[DATA FOR THE TASK]
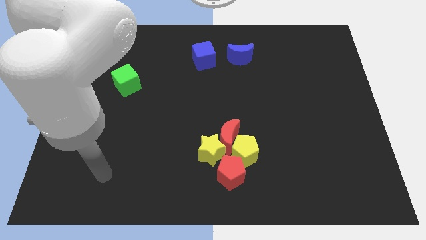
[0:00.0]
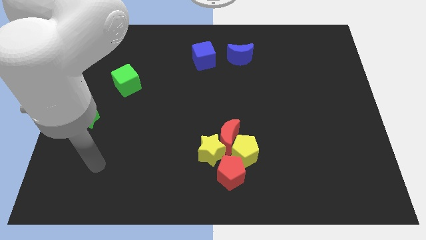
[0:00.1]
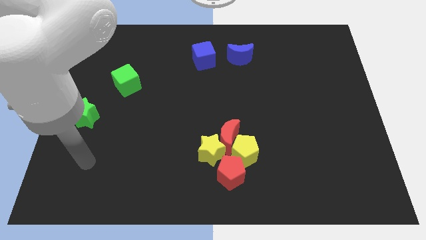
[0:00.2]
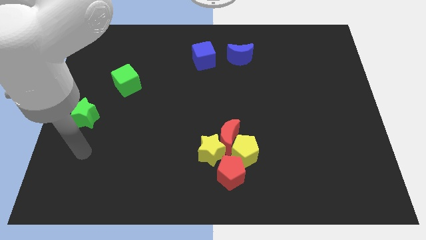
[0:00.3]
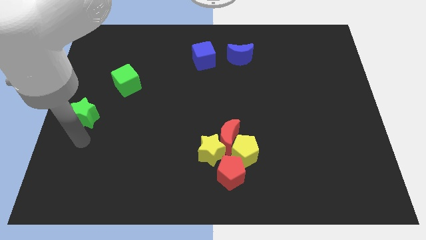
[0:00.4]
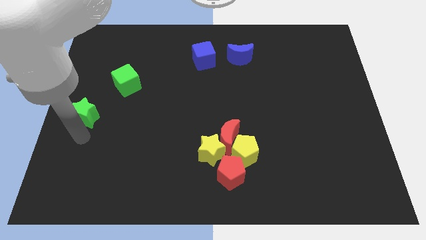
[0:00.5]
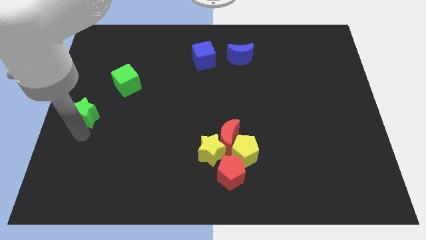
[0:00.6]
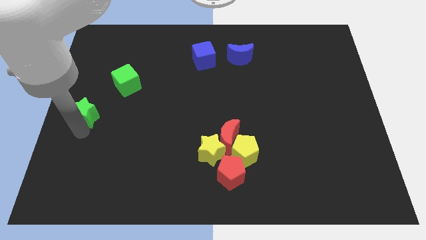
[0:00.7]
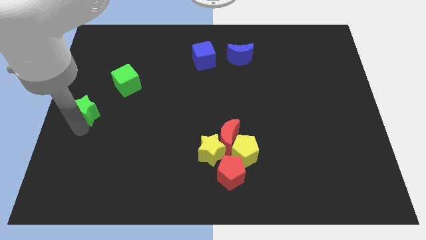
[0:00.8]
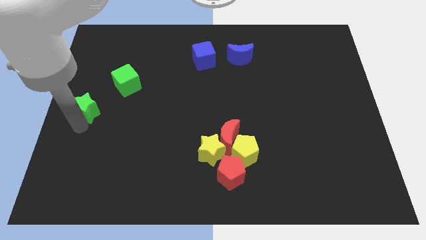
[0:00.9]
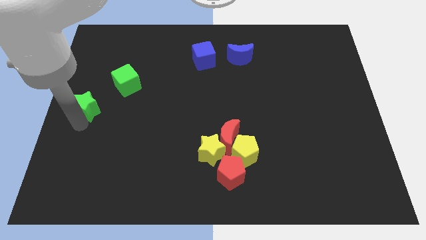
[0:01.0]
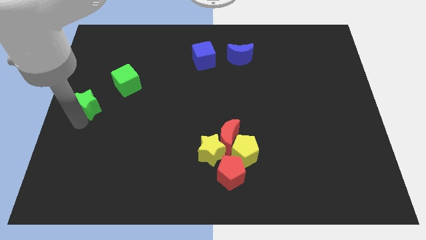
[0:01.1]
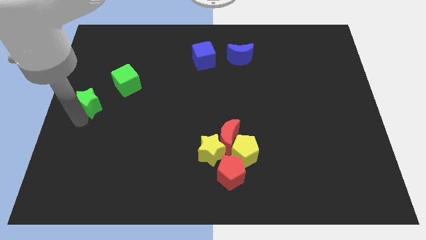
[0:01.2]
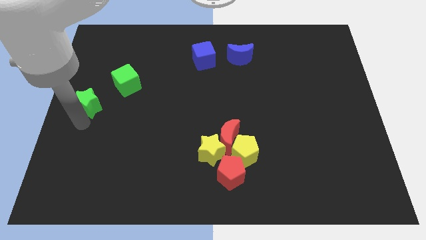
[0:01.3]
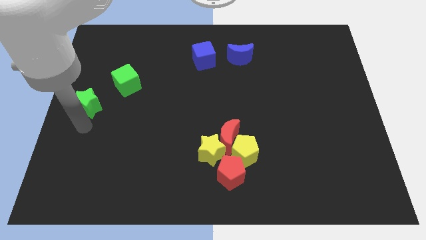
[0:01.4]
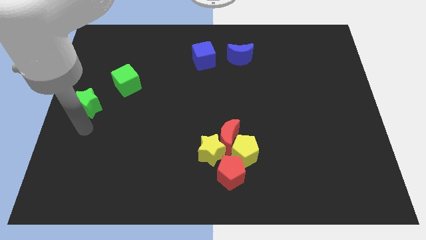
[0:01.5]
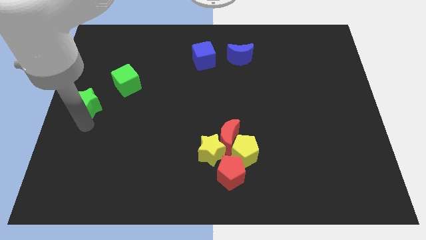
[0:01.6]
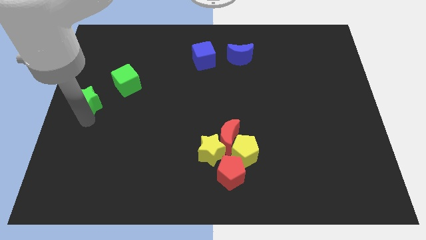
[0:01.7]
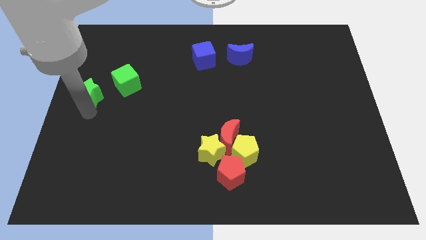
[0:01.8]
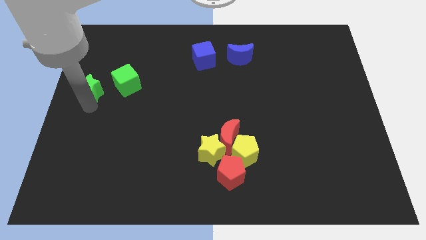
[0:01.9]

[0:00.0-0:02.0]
slightly slide the green star upwards

[EXERCISE REQUIREMENTS]
All entries above, minus the pictures, should be repeated exactly.

[SOLUTION]
[0:00.0]
[0:00.1]
[0:00.2]
[0:00.3]
[0:00.4]
[0:00.5]
[0:00.6]
[0:00.7]
[0:00.8]
[0:00.9]
[0:01.0]
[0:01.1]
[0:01.2]
[0:01.3]
[0:01.4]
[0:01.5]
[0:01.6]
[0:01.7]
[0:01.8]
[0:01.9]

[0:00.0-0:02.0]
slightly slide the green star upwards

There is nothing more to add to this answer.